Craig Topper via llvm-commits
llvm-commits at lists.llvm.org
Mon Jan 28 13:38:47 PST 2019
Author: ctopper
Date: Mon Jan 28 13:38:47 2019
New Revision: 352433
URL: http://llvm.org/viewvc/llvm-project?rev=352433&view=rev
Log:
Recommit r352255 "[SelectionDAG][X86] Don't use SEXTLOAD for promoting masked loads in the type legalizer"
This did not cause the buildbot failure it was previously reverted for.
Original commit message:
I'm not sure why we were using SEXTLOAD. EXTLOAD seems more appropriate since we don't care about the upper bits.
This patch changes this and then modifies the X86 post legalization combine to emit a extending shuffle instead of a sign_extend_vector_inreg. Could maybe use an any_extend_vector_inre
On AVX512 targets I think we might be able to use a masked vpmovzx and not have to expand this at all.
Modified:
llvm/trunk/lib/CodeGen/SelectionDAG/LegalizeIntegerTypes.cpp
llvm/trunk/lib/Target/X86/X86ISelLowering.cpp
llvm/trunk/test/CodeGen/X86/masked_load.ll
Modified: llvm/trunk/lib/CodeGen/SelectionDAG/LegalizeIntegerTypes.cpp
URL: http://llvm.org/viewvc/llvm-project/llvm/trunk/lib/CodeGen/SelectionDAG/LegalizeIntegerTypes.cpp?rev=352433&r1=352432&r2=352433&view=diff
==============================================================================
--- llvm/trunk/lib/CodeGen/SelectionDAG/LegalizeIntegerTypes.cpp (original)

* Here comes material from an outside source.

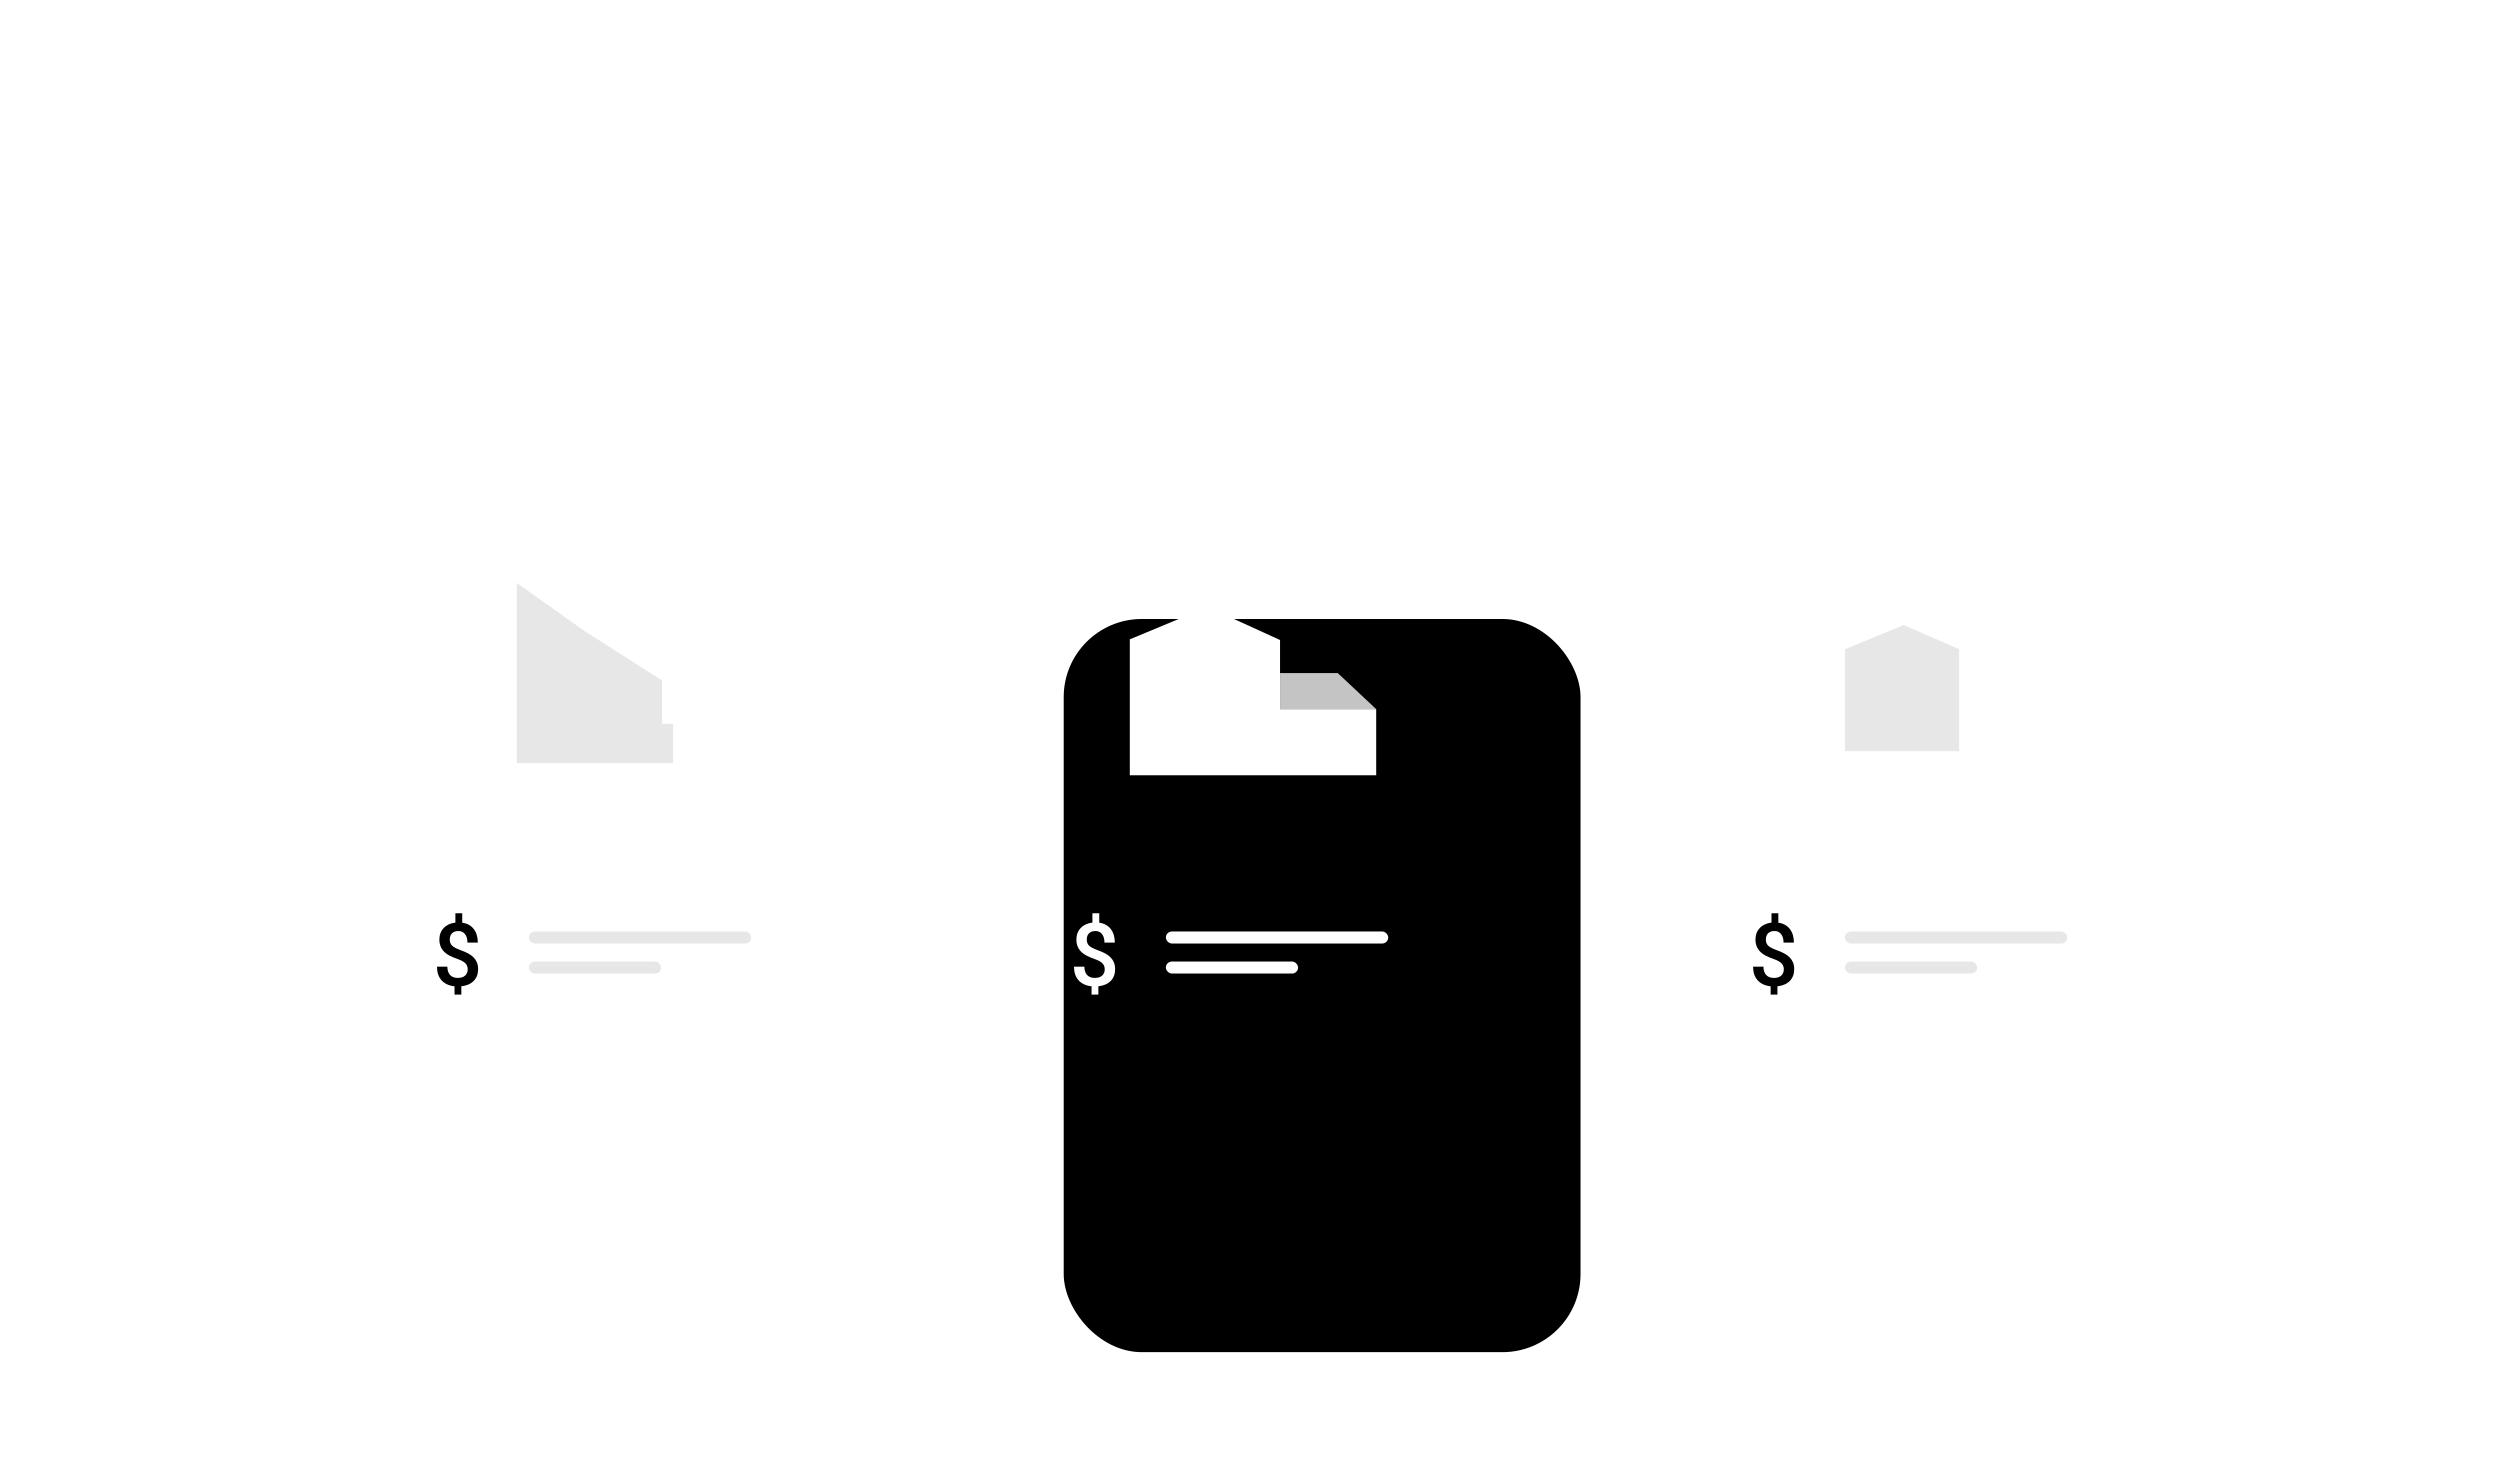 <svg viewBox="0 0 416 244" fill="none" xmlns="http://www.w3.org/2000/svg"><g filter="url(#filter0_d)"><rect x="165" y="58" width="86" height="122" rx="13" fill="#000"/></g><g filter="url(#filter1_d)"><rect x="274" y="58" width="86" height="122" rx="13" fill="#fff"/></g><g filter="url(#filter2_d)"><rect x="56" y="58" width="86" height="122" rx="13" fill="#fff"/></g><path opacity=".4" d="M86 127V97l11.375 8.085 12.808 8.148v7.211H112V127H86zM307 125v-16.962l9.789-4.038 9.211 4.038V125h-19z" fill="#C4C4C4"/><path d="M188 129v-22.615L200.947 101 213 106.5V118h16v11h-41z" fill="#fff"/><path d="M77.827 161.296c0-.403-.128-.735-.384-.996-.256-.265-.683-.503-1.28-.711-.598-.214-1.063-.411-1.395-.591-1.106-.593-1.658-1.47-1.658-2.632 0-.788.24-1.435.719-1.943.479-.507 1.128-.808 1.949-.903v-1.551h1.138v1.565c.826.118 1.464.469 1.914 1.053.451.579.676 1.333.676 2.262h-1.722c0-.597-.135-1.067-.405-1.408-.266-.347-.629-.52-1.089-.52-.455 0-.81.124-1.067.37-.256.247-.384.6-.384 1.06 0 .413.126.745.377.997.256.246.688.481 1.295.704.607.223 1.084.429 1.43.619.346.19.638.408.875.654.237.242.42.522.548.84.128.318.192.69.192 1.117 0 .802-.247 1.452-.74 1.95-.488.498-1.172.792-2.049.882v1.387h-1.131v-1.38c-.94-.104-1.663-.441-2.17-1.01-.503-.57-.754-1.324-.754-2.263h1.728c0 .598.15 1.06.449 1.387.303.328.73.491 1.28.491.541 0 .951-.13 1.231-.391.285-.261.427-.607.427-1.039zM296.827 161.296c0-.403-.128-.735-.384-.996-.256-.265-.683-.503-1.281-.711-.597-.214-1.062-.411-1.394-.591-1.105-.593-1.658-1.47-1.658-2.632 0-.788.239-1.435.719-1.943.479-.507 1.128-.808 1.949-.903v-1.551h1.138v1.565c.826.118 1.464.469 1.914 1.053.451.579.676 1.333.676 2.262h-1.722c0-.597-.135-1.067-.405-1.408-.266-.347-.629-.52-1.089-.52-.455 0-.811.124-1.067.37-.256.247-.384.6-.384 1.06 0 .413.126.745.377.997.256.246.688.481 1.295.704.607.223 1.084.429 1.43.619.346.19.638.408.875.654.237.242.42.522.548.84.128.318.192.69.192 1.117 0 .802-.247 1.452-.74 1.95-.488.498-1.171.792-2.049.882v1.387h-1.131v-1.38c-.939-.104-1.663-.441-2.17-1.01-.503-.57-.755-1.324-.755-2.263h1.729c0 .598.15 1.06.449 1.387.303.328.73.491 1.28.491.541 0 .951-.13 1.231-.391.285-.261.427-.607.427-1.039z" fill="#000"/><path d="M183.827 161.296c0-.403-.128-.735-.384-.996-.256-.265-.683-.503-1.281-.711-.597-.214-1.062-.411-1.394-.591-1.105-.593-1.658-1.47-1.658-2.632 0-.788.239-1.435.719-1.943.479-.507 1.128-.808 1.949-.903v-1.551h1.138v1.565c.826.118 1.464.469 1.914 1.053.451.579.676 1.333.676 2.262h-1.722c0-.597-.135-1.067-.405-1.408-.266-.347-.629-.52-1.089-.52-.455 0-.811.124-1.067.37-.256.247-.384.6-.384 1.06 0 .413.126.745.377.997.256.246.688.481 1.295.704.607.223 1.084.429 1.43.619.346.19.638.408.875.654.237.242.42.522.548.84.128.318.192.69.192 1.117 0 .802-.247 1.452-.74 1.95-.488.498-1.171.792-2.049.882v1.387h-1.131v-1.38c-.939-.104-1.663-.441-2.17-1.01-.503-.57-.755-1.324-.755-2.263h1.729c0 .598.15 1.06.449 1.387.303.328.73.491 1.28.491.541 0 .951-.13 1.231-.391.285-.261.427-.607.427-1.039z" fill="#fff"/><rect x="88" y="155" width="37" height="2" rx="1" fill="#E7E7E7"/><rect x="307" y="155" width="37" height="2" rx="1" fill="#E7E7E7"/><rect x="194" y="155" width="37" height="2" rx="1" fill="#fff"/><rect x="88" y="160" width="22" height="2" rx="1" fill="#E7E7E7"/><rect x="307" y="160" width="22" height="2" rx="1" fill="#E7E7E7"/><rect x="194" y="160" width="22" height="2" rx="1" fill="#fff"/><path d="M222.6 112l6.4 6h-16v-6h9.6z" fill="#C4C4C4"/><defs><filter id="filter0_d" x="114" y="40" width="212" height="248" filterUnits="userSpaceOnUse" color-interpolation-filters="sRGB"><feFlood flood-opacity="0" result="BackgroundImageFix"/><feColorMatrix in="SourceAlpha" values="0 0 0 0 0 0 0 0 0 0 0 0 0 0 0 0 0 0 127 0"/><feOffset dx="12" dy="45"/><feGaussianBlur stdDeviation="31.5"/><feColorMatrix values="0 0 0 0 0 0 0 0 0 0 0 0 0 0 0 0 0 0 0.07 0"/><feBlend in2="BackgroundImageFix" result="effect1_dropShadow"/><feBlend in="SourceGraphic" in2="effect1_dropShadow" result="shape"/></filter><filter id="filter1_d" x="223" y="40" width="212" height="248" filterUnits="userSpaceOnUse" color-interpolation-filters="sRGB"><feFlood flood-opacity="0" result="BackgroundImageFix"/><feColorMatrix in="SourceAlpha" values="0 0 0 0 0 0 0 0 0 0 0 0 0 0 0 0 0 0 127 0"/><feOffset dx="12" dy="45"/><feGaussianBlur stdDeviation="31.5"/><feColorMatrix values="0 0 0 0 0 0 0 0 0 0 0 0 0 0 0 0 0 0 0.07 0"/><feBlend in2="BackgroundImageFix" result="effect1_dropShadow"/><feBlend in="SourceGraphic" in2="effect1_dropShadow" result="shape"/></filter><filter id="filter2_d" x="5" y="40" width="212" height="248" filterUnits="userSpaceOnUse" color-interpolation-filters="sRGB"><feFlood flood-opacity="0" result="BackgroundImageFix"/><feColorMatrix in="SourceAlpha" values="0 0 0 0 0 0 0 0 0 0 0 0 0 0 0 0 0 0 127 0"/><feOffset dx="12" dy="45"/><feGaussianBlur stdDeviation="31.5"/><feColorMatrix values="0 0 0 0 0 0 0 0 0 0 0 0 0 0 0 0 0 0 0.07 0"/><feBlend in2="BackgroundImageFix" result="effect1_dropShadow"/><feBlend in="SourceGraphic" in2="effect1_dropShadow" result="shape"/></filter></defs></svg>

+++ llvm/trunk/lib/CodeGen/SelectionDAG/LegalizeIntegerTypes.cpp Mon Jan 28 13:38:47 2019
@@ -554,7 +554,7 @@ SDValue DAGTypeLegalizer::PromoteIntRes_
SDLoc dl(N);
SDValue Res = DAG.getMaskedLoad(NVT, dl, N->getChain(), N->getBasePtr(),
N->getMask(), ExtPassThru, N->getMemoryVT(),
- N->getMemOperand(), ISD::SEXTLOAD);
+ N->getMemOperand(), ISD::EXTLOAD);
// Legalize the chain result - switch anything that used the old chain to
// use the new one.
ReplaceValueWith(SDValue(N, 1), Res.getValue(1));
Modified: llvm/trunk/lib/Target/X86/X86ISelLowering.cpp
URL: http://llvm.org/viewvc/llvm-project/llvm/trunk/lib/Target/X86/X86ISelLowering.cpp?rev=352433&r1=352432&r2=352433&view=diff
==============================================================================
--- llvm/trunk/lib/Target/X86/X86ISelLowering.cpp (original)
+++ llvm/trunk/lib/Target/X86/X86ISelLowering.cpp Mon Jan 28 13:38:47 2019
@@ -37694,7 +37694,7 @@ static SDValue combineMaskedLoad(SDNode
return Blend;
}
- if (Mld->getExtensionType() != ISD::SEXTLOAD)
+ if (Mld->getExtensionType() != ISD::EXTLOAD)
return SDValue();
// Resolve extending loads.
@@ -37764,8 +37764,20 @@ static SDValue combineMaskedLoad(SDNode
Mld->getBasePtr(), NewMask, WidePassThru,
Mld->getMemoryVT(), Mld->getMemOperand(),
ISD::NON_EXTLOAD);
- SDValue NewVec = getExtendInVec(/*Signed*/true, dl, VT, WideLd, DAG);
- return DCI.CombineTo(N, NewVec, WideLd.getValue(1), true);
+
+ SDValue SlicedVec = DAG.getBitcast(WideVecVT, WideLd);
+ SmallVector<int, 16> ShuffleVec(NumElems * SizeRatio, -1);
+ for (unsigned i = 0; i != NumElems; ++i)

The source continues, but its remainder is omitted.